Ein Text aus Belarus: „Du und ich haben auf diesen Straßen von einem freien Leben geträumt.“

Ursprünglich von Pramen veröffentlicht. Übersetzt von Enough 14.

Wir, die von den Autoritäten Verfluchten

Es spielt keine Rolle, ob du in der Sowjetunion oder in der Republik Belarus geboren bist. Es spielt keine Rolle, in welcher Stadt oder in welchem Dorf du geboren bist. Wir sind nebeneinander geboren. So nah und so fern…

Wir wurden nicht in die Familie eines Beamten oder Inhabers einer großen Firma geboren… Du und ich wurden als Niemand geboren. Dir und mir wurde jeden Tag gesagt, dass wir Niemande sind und dass wir unseren Platz in dieser Welt einnehmen sollten. Absolviert die Schule, das Abitur, vielleicht sogar die Universität und geht zur Arbeit.
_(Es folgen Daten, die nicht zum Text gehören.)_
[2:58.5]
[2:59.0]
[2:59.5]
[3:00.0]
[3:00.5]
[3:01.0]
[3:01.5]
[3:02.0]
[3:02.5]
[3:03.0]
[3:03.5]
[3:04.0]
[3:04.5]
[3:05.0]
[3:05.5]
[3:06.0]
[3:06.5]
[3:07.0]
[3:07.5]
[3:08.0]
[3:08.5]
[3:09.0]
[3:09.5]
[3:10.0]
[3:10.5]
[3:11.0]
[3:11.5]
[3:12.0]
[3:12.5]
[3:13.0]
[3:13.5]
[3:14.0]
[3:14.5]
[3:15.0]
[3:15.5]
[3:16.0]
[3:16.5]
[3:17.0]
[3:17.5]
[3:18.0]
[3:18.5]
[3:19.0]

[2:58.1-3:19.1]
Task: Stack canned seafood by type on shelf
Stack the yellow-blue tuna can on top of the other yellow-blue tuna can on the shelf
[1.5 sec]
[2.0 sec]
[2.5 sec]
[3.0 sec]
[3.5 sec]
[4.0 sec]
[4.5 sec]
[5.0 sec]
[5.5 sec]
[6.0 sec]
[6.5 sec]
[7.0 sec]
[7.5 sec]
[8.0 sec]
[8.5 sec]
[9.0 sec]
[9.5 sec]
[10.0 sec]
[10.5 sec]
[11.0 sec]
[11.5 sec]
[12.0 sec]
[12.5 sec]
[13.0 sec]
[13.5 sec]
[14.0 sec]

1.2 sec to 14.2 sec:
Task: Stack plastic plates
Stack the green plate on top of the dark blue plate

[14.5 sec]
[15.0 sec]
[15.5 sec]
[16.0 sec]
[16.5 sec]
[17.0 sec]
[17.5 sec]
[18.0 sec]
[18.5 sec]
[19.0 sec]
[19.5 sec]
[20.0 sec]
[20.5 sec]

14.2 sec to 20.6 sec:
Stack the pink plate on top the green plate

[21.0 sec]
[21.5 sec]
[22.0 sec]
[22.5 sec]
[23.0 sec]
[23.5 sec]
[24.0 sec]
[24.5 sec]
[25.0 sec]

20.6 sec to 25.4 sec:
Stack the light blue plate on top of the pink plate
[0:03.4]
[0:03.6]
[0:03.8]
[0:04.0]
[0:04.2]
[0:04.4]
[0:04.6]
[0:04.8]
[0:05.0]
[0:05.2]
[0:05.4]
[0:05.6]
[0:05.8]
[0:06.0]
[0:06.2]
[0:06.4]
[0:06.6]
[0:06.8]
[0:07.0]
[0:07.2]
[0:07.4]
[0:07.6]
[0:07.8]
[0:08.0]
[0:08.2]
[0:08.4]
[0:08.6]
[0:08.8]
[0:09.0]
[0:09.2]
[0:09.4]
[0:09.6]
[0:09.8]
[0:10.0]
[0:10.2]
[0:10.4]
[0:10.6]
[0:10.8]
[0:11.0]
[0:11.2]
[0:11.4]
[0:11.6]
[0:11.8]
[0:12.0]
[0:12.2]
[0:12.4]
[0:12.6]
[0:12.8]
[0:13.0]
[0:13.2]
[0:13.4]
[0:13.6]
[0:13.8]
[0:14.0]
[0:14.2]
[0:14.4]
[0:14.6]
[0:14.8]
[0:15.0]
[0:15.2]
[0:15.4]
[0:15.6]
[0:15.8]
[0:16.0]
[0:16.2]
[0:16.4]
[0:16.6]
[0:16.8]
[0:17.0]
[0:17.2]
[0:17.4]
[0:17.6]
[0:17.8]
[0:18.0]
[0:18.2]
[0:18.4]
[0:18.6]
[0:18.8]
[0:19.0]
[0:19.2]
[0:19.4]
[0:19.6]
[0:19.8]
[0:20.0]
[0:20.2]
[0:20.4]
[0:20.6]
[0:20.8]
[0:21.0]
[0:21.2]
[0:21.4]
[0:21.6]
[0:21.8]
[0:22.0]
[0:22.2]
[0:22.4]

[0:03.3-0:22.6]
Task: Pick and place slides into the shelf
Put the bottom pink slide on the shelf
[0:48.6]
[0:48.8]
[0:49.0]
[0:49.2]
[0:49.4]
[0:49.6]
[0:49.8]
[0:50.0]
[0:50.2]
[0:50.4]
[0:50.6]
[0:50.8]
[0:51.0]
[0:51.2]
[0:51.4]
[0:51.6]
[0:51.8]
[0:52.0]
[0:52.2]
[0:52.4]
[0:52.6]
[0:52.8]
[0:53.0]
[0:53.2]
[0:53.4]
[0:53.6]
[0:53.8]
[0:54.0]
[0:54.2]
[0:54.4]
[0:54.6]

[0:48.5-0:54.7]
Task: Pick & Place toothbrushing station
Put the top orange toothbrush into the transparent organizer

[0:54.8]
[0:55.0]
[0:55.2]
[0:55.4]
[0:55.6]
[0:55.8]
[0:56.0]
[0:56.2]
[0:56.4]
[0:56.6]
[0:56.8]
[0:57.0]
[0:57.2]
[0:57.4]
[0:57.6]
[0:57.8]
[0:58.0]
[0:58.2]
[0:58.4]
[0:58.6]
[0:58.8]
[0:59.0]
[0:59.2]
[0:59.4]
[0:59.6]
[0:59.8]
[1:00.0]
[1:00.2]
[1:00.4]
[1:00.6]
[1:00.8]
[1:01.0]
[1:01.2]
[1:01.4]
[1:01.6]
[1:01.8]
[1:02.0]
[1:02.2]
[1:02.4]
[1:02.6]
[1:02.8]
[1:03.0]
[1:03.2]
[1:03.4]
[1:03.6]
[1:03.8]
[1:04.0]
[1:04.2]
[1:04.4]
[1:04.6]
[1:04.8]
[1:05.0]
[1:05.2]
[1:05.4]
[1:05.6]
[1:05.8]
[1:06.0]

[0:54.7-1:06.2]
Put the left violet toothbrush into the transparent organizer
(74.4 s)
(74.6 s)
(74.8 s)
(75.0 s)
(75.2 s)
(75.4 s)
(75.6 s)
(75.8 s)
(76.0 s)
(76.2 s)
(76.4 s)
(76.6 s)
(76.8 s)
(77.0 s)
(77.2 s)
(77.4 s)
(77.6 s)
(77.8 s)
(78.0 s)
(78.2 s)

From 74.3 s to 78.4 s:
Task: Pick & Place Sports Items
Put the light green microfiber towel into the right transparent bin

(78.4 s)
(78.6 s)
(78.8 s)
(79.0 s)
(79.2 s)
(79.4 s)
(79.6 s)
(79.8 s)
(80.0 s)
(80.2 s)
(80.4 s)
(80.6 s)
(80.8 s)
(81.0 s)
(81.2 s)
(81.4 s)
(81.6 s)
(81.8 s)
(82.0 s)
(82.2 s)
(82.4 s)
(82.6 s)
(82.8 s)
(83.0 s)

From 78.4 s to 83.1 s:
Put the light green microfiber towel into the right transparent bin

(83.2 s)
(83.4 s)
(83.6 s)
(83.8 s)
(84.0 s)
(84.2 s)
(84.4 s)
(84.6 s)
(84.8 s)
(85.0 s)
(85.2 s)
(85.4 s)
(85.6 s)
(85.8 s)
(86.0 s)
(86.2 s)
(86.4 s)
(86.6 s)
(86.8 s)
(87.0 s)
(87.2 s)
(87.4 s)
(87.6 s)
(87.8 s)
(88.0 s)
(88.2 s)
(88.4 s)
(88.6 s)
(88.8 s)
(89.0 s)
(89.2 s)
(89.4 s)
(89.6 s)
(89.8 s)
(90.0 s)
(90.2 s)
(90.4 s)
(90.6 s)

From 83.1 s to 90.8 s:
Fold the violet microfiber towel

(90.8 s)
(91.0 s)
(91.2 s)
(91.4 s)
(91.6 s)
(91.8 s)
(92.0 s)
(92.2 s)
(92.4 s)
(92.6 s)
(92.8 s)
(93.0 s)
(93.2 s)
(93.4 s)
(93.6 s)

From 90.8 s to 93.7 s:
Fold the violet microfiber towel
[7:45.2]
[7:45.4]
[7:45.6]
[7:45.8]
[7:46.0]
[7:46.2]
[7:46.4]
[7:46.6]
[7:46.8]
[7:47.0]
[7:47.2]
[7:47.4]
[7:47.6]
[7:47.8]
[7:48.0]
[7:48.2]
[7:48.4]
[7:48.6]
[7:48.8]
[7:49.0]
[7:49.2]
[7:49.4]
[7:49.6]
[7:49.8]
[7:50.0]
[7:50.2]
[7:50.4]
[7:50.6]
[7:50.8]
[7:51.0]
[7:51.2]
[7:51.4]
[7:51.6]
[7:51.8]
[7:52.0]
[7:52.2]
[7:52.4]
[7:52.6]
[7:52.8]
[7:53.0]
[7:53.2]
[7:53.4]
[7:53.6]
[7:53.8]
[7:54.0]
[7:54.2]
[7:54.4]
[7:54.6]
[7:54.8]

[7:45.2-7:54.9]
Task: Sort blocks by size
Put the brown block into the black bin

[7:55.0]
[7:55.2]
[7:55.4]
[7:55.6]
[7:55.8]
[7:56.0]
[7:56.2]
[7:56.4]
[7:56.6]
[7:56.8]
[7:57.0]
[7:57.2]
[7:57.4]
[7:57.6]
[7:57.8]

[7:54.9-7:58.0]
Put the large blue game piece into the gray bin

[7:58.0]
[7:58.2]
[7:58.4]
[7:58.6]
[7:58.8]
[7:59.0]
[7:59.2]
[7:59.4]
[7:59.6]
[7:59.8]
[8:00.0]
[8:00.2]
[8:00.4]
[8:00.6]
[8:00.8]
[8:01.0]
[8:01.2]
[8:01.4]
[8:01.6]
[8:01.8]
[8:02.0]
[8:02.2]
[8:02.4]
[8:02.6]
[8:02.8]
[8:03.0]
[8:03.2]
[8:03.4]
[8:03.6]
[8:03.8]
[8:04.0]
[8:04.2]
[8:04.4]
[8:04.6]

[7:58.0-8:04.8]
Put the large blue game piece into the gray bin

Arbeiten, arbeiten, arbeiten, arbeiten! Schau nicht in die andere Richtung. Schließe deine Augen, wenn es zu beängstigend wird und du nicht länger stark bist.

Du und ich, so verschieden und so ähnlich. Vielleicht haben einige von uns nicht gehorcht und vielleicht sogar protestiert. Einige von uns haben von einer Welt geträumt, in der wir unsere Schultern ausstrecken und frei leben können. Aber diese Macht hat jeden von uns verflucht.

Wir sind verflucht durch das Wissen, das in unseren Köpfen und Herzen ist. Wir erinnern uns an die Auflösung von Demonstrationen und Verhaftungen. Wir erinnern uns daran, dass wir in den Jahren 2006, 2010 und 2017 auf den Inhaftierungslisten nach einander gesucht haben. Ich erinnere mich, dass du mir geholfen hast, nachdem ich entlassen wurde, weil Menschen wie ich nicht in eine staatliche Fabrik gehören.

Diese Macht verfluchte uns, wenn wir für Jahre ins Gefängnis gingen oder auf der anderen Seite der Mauer bleiben mussten. Und wir lebten mit dem Gedanken, dass wir es hätten sein sollen. Einige von uns sind sogar gegangen, in der Hoffnung, dass der Fluch einfach vergessen werden könnte.

Aber wir haben zugehört, wir haben versucht zu vergessen, wir haben versucht, weiterzumachen. Wir haben unser Bestes versucht, aber der Fluch wird dich nie in Ruhe lassen. Selbst wenn 2017 einer von uns auf die Straße gegangen ist und der Rest von uns sein Bestes versucht hat, wegzuschauen. Und es ist nicht unsere Schuld. Denn so wurde es uns beigebracht.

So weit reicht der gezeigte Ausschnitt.